Exercise:
Copy every line of the records below where the word "first" occurs.

Source data
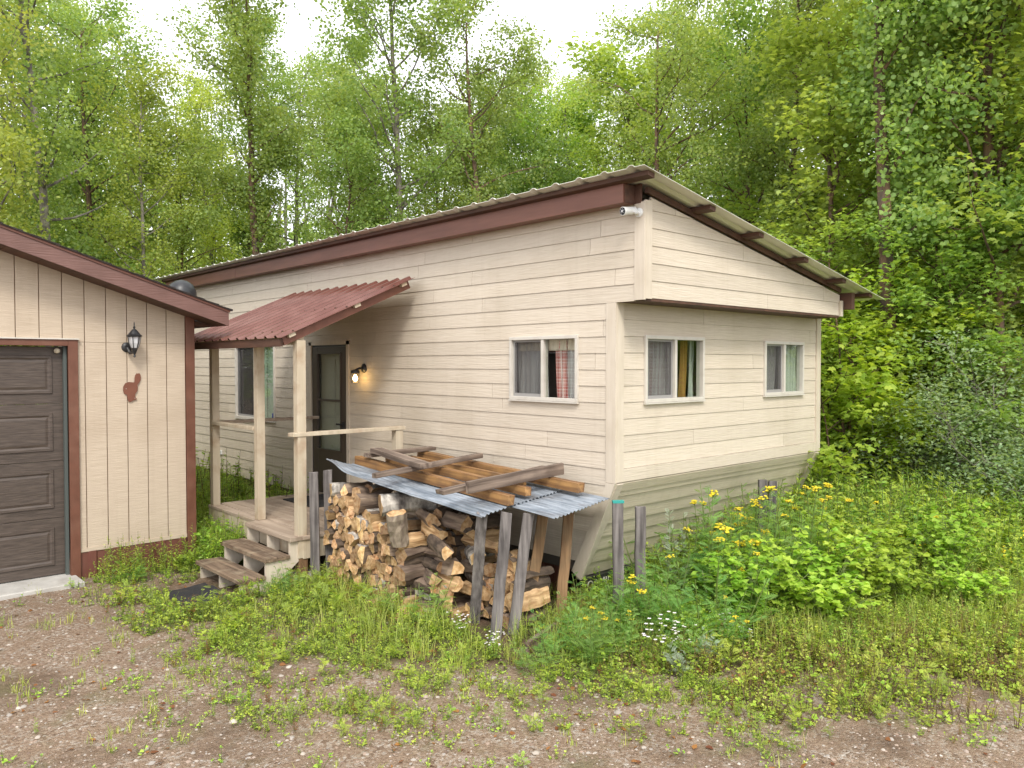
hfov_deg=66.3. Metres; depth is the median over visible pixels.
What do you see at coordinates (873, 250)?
maple tree
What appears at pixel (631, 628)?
tansy plant
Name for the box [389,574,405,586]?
split log
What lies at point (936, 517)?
tansy plant
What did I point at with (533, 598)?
split log
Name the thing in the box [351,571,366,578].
split log
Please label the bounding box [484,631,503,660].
white flower plant
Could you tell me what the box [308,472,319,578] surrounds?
wooden stake
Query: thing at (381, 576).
split log
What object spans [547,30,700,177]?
maple tree
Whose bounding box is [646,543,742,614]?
tansy plant
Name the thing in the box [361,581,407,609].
fern plant
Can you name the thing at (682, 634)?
white flower plant
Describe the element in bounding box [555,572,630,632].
tansy plant
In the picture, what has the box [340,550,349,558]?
round log
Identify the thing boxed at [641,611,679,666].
white flower plant
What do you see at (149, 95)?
birch tree
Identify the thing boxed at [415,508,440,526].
split log
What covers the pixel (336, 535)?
split log
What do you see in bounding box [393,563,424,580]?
split log
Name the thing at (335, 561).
split log
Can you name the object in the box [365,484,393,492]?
split log
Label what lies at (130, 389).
cutout
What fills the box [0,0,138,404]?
aspen tree
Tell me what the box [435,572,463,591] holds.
split log
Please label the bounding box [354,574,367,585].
split log
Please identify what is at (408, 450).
board
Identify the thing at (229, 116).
aspen tree
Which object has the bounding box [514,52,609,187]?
birch tree
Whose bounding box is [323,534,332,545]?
split log
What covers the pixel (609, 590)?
fern plant
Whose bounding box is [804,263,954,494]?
young maple
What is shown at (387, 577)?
split log
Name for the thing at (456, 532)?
split log
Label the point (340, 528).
split log
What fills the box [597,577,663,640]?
tansy plant
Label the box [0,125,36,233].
maple tree
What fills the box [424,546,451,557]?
split log
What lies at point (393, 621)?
grass
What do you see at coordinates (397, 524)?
round log
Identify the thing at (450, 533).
split log
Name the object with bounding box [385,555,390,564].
split log
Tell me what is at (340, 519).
split log
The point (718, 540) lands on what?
tansy plant
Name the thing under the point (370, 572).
split log
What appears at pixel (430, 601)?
fern plant
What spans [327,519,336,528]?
split log
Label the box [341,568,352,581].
split log
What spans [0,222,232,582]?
garage
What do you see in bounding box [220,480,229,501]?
tall weed
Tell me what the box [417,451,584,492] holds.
timber
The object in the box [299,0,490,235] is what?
aspen tree
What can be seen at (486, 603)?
split log
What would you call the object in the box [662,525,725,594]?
tansy plant
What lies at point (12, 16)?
aspen tree
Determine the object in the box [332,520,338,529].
split log
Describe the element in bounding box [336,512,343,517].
split log
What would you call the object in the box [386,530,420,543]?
split log
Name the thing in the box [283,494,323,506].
doormat
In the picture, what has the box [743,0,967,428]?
maple tree
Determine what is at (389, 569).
round log
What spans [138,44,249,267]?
birch tree
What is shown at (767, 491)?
tansy plant
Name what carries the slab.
on the board at (389, 472)
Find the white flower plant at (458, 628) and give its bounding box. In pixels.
[453,614,469,641]
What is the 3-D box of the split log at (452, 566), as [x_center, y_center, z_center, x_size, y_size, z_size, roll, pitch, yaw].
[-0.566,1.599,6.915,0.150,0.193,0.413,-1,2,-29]
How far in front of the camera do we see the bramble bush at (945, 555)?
7.33 m
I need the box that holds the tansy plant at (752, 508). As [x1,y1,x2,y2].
[707,489,777,567]
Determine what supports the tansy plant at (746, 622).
on the ground at (841, 745)
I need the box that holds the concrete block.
[282,569,310,583]
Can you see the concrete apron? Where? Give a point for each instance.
(16, 589)
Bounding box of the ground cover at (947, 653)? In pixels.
[554,554,1023,729]
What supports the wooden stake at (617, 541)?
on the ground at (841, 745)
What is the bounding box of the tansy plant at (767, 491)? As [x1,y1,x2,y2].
[714,482,812,565]
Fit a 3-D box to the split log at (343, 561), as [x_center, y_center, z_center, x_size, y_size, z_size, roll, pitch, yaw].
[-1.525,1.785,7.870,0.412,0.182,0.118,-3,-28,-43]
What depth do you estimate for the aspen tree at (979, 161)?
11.73 m
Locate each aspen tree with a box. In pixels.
[0,0,100,226]
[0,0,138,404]
[0,0,140,403]
[1,0,190,268]
[31,0,143,240]
[52,82,172,278]
[103,97,239,278]
[108,161,194,283]
[150,70,269,269]
[155,0,342,256]
[171,0,320,259]
[225,32,355,248]
[275,78,429,243]
[280,56,421,235]
[288,25,417,237]
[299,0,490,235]
[373,0,566,212]
[390,94,486,219]
[411,60,525,212]
[432,103,507,207]
[451,15,569,197]
[485,94,594,196]
[531,69,622,175]
[555,0,776,203]
[582,66,688,171]
[601,0,763,222]
[665,0,876,274]
[698,0,859,243]
[699,86,801,231]
[707,0,868,334]
[799,0,989,473]
[831,0,866,279]
[837,0,1023,456]
[926,2,1023,376]
[946,47,1023,395]
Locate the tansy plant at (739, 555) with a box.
[717,546,778,600]
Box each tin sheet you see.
[327,459,561,517]
[510,489,609,518]
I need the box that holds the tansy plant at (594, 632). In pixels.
[563,600,616,669]
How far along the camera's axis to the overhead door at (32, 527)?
7.83 m
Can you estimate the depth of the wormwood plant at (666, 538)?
7.02 m
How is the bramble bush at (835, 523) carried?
on the ground at (841, 745)
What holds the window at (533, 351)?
in the house
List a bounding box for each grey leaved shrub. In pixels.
[822,333,1023,499]
[844,365,1019,473]
[893,316,1023,521]
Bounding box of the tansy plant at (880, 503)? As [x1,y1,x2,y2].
[839,488,912,526]
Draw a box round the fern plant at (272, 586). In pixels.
[259,573,297,597]
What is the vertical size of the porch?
3.132 m
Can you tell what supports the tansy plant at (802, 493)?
on the ground at (841, 745)
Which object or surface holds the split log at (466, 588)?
on the split log
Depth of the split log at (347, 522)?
7.66 m
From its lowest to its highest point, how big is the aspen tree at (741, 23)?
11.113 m
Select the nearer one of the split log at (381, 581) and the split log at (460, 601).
the split log at (460, 601)
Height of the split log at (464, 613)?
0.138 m
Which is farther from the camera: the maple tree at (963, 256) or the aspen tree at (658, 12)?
the aspen tree at (658, 12)
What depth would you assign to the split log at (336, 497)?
7.86 m
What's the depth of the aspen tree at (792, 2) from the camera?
21.77 m
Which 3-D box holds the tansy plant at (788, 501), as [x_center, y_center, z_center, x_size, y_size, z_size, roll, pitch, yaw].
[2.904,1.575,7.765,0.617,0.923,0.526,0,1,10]
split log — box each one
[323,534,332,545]
[324,527,337,538]
[325,509,336,519]
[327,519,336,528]
[328,497,332,503]
[329,481,367,496]
[329,559,334,572]
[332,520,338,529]
[333,494,341,506]
[333,531,339,538]
[333,557,339,565]
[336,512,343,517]
[337,516,345,526]
[337,547,344,558]
[338,495,354,508]
[338,523,343,533]
[338,557,345,573]
[340,481,372,495]
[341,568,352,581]
[343,507,347,515]
[344,498,353,507]
[344,516,351,528]
[344,532,349,543]
[344,559,355,570]
[346,506,355,518]
[347,545,354,553]
[348,531,359,546]
[350,517,356,529]
[350,548,355,562]
[350,564,363,574]
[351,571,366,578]
[352,486,392,496]
[353,492,389,512]
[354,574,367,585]
[355,557,362,566]
[356,515,364,531]
[357,545,372,563]
[358,528,367,543]
[362,531,370,543]
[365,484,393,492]
[365,555,375,569]
[366,511,406,524]
[366,569,375,576]
[366,595,386,611]
[367,519,386,532]
[368,574,380,586]
[369,544,377,553]
[375,559,384,569]
[377,517,418,531]
[377,530,416,543]
[377,550,386,561]
[377,579,385,588]
[379,563,387,575]
[379,572,384,579]
[380,519,420,533]
[381,544,389,555]
[383,544,396,555]
[383,583,408,598]
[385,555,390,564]
[385,574,392,580]
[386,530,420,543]
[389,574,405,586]
[391,556,397,565]
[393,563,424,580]
[395,545,427,562]
[395,603,408,621]
[398,531,427,549]
[398,577,417,585]
[398,586,414,597]
[403,596,421,607]
[409,576,437,594]
[411,598,429,611]
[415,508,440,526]
[415,589,430,599]
[416,602,432,618]
[421,521,447,539]
[423,568,441,585]
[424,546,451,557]
[427,534,453,560]
[430,594,451,610]
[432,557,463,575]
[432,595,470,618]
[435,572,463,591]
[435,583,453,601]
[438,511,472,532]
[447,531,462,538]
[447,535,463,544]
[449,606,467,620]
[452,516,488,535]
[452,545,465,556]
[458,580,491,600]
[459,527,474,539]
[460,548,494,559]
[460,559,496,576]
[461,534,498,554]
[464,545,485,565]
[464,572,493,591]
[465,601,485,617]
[470,513,500,529]
[483,600,490,606]
[483,605,491,618]
[484,555,496,562]
[484,578,494,589]
[486,528,498,541]
[495,552,516,572]
[502,609,544,628]
[505,578,511,595]
[506,563,529,577]
[506,586,550,612]
[508,549,517,567]
[510,566,553,580]
[510,575,550,591]
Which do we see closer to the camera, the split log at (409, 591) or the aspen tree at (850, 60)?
the split log at (409, 591)
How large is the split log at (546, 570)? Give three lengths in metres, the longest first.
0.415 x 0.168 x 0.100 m
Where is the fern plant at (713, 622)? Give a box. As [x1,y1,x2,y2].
[649,570,778,646]
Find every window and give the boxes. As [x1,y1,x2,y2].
[235,347,276,422]
[508,335,580,403]
[642,335,705,404]
[763,341,804,396]
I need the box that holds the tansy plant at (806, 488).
[781,478,838,539]
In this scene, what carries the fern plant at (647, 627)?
on the ground at (841, 745)
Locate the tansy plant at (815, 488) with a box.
[750,482,833,578]
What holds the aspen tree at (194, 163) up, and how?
on the ground at (841, 745)
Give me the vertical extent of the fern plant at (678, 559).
0.834 m
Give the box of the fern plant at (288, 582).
[271,561,320,595]
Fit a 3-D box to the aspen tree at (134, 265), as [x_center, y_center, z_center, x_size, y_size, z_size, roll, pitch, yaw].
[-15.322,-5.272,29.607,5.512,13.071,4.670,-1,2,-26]
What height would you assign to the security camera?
0.091 m
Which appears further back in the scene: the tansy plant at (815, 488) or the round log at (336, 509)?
the round log at (336, 509)
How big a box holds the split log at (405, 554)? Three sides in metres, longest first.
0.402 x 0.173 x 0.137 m
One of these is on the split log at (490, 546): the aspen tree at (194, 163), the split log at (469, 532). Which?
the split log at (469, 532)
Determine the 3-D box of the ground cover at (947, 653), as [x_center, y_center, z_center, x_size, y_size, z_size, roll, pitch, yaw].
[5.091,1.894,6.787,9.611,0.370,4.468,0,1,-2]
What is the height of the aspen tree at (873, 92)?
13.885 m
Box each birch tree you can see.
[0,0,64,463]
[65,28,218,284]
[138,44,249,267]
[387,83,490,218]
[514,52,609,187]
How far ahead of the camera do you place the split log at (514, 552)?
6.85 m
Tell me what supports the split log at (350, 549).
on the split log at (352, 557)
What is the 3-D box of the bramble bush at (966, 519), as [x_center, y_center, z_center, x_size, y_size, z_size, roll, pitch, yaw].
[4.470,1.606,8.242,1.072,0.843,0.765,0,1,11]
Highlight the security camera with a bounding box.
[620,207,642,217]
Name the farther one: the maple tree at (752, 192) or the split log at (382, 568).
the maple tree at (752, 192)
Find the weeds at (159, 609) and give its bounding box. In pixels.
[76,551,998,763]
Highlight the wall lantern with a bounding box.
[121,322,141,357]
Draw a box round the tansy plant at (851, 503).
[844,498,892,536]
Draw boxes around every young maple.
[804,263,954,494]
[811,304,967,483]
[821,252,1003,488]
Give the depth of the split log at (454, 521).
6.95 m
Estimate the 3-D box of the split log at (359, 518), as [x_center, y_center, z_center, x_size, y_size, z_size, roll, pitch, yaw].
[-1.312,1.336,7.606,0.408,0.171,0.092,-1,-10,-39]
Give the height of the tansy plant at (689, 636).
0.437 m
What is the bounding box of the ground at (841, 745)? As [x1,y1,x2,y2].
[0,542,1023,767]
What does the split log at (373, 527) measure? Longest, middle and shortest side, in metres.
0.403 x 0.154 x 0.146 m
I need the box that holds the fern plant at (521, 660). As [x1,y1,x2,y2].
[511,640,560,675]
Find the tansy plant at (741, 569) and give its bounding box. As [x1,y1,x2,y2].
[709,541,780,637]
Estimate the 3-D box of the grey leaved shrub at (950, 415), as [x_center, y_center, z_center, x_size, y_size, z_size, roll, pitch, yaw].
[6.187,0.875,11.660,2.974,2.564,3.001,1,2,27]
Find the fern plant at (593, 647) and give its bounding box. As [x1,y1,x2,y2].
[570,629,630,670]
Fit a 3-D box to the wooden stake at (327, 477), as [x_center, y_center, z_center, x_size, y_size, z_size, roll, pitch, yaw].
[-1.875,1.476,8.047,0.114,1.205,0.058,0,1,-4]
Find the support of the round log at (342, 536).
on the round log at (337, 544)
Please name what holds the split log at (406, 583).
on the split log at (421, 580)
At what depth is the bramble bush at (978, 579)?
6.79 m
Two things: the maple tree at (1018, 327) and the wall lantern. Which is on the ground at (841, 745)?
the maple tree at (1018, 327)
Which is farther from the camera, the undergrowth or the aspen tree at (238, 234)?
the aspen tree at (238, 234)
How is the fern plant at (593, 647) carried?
on the ground at (841, 745)
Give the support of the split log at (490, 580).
on the split log
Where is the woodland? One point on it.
(330, 201)
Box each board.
[364,446,435,457]
[372,453,482,478]
[435,465,542,494]
[465,463,563,493]
[525,617,566,652]
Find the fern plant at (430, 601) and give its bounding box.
[381,571,455,625]
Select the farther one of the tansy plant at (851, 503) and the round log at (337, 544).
the tansy plant at (851, 503)
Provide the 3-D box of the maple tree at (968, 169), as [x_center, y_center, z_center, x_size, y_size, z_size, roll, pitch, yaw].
[11.105,-3.436,18.191,5.415,10.518,5.055,1,2,33]
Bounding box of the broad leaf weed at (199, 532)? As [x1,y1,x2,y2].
[194,519,228,543]
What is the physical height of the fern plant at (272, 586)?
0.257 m
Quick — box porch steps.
[196,521,302,595]
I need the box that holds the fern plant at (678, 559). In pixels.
[609,520,741,611]
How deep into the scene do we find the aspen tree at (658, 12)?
22.69 m
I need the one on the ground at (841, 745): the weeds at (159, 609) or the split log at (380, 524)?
the weeds at (159, 609)
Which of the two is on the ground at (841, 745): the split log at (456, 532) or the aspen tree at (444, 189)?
the aspen tree at (444, 189)
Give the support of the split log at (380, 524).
on the split log at (381, 538)
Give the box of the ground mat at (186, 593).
[162,583,228,607]
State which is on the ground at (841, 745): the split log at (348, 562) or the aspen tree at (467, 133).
the aspen tree at (467, 133)
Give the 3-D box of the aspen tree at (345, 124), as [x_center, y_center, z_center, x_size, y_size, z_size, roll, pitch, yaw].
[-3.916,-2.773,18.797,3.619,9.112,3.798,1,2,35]
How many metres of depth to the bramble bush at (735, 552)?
6.78 m
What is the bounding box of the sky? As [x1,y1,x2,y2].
[0,0,913,276]
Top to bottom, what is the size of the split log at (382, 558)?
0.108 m
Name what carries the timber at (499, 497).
on the tin sheet at (465, 503)
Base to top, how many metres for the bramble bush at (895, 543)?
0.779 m
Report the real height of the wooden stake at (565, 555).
1.085 m
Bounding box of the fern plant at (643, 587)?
[622,570,663,608]
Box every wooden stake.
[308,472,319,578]
[323,469,332,571]
[469,512,487,623]
[489,511,511,641]
[507,513,533,634]
[529,514,547,581]
[532,514,536,549]
[555,512,573,618]
[612,500,623,610]
[634,506,645,601]
[757,479,767,532]
[767,481,776,529]
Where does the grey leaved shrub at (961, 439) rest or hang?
on the ground at (841, 745)
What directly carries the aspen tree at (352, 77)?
on the ground at (841, 745)
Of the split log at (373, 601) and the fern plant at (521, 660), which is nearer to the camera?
the fern plant at (521, 660)
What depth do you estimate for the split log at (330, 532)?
7.90 m
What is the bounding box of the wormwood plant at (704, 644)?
[692,623,724,663]
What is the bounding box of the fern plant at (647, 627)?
[605,604,665,655]
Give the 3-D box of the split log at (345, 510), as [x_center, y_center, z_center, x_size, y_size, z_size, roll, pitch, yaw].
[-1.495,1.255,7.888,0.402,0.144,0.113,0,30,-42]
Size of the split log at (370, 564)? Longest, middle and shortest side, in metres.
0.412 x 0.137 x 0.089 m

Solution below:
How large is the split log at (546, 570)? Give three lengths in metres, the longest first.
How big a box holds the split log at (405, 554)? Three sides in metres, longest first.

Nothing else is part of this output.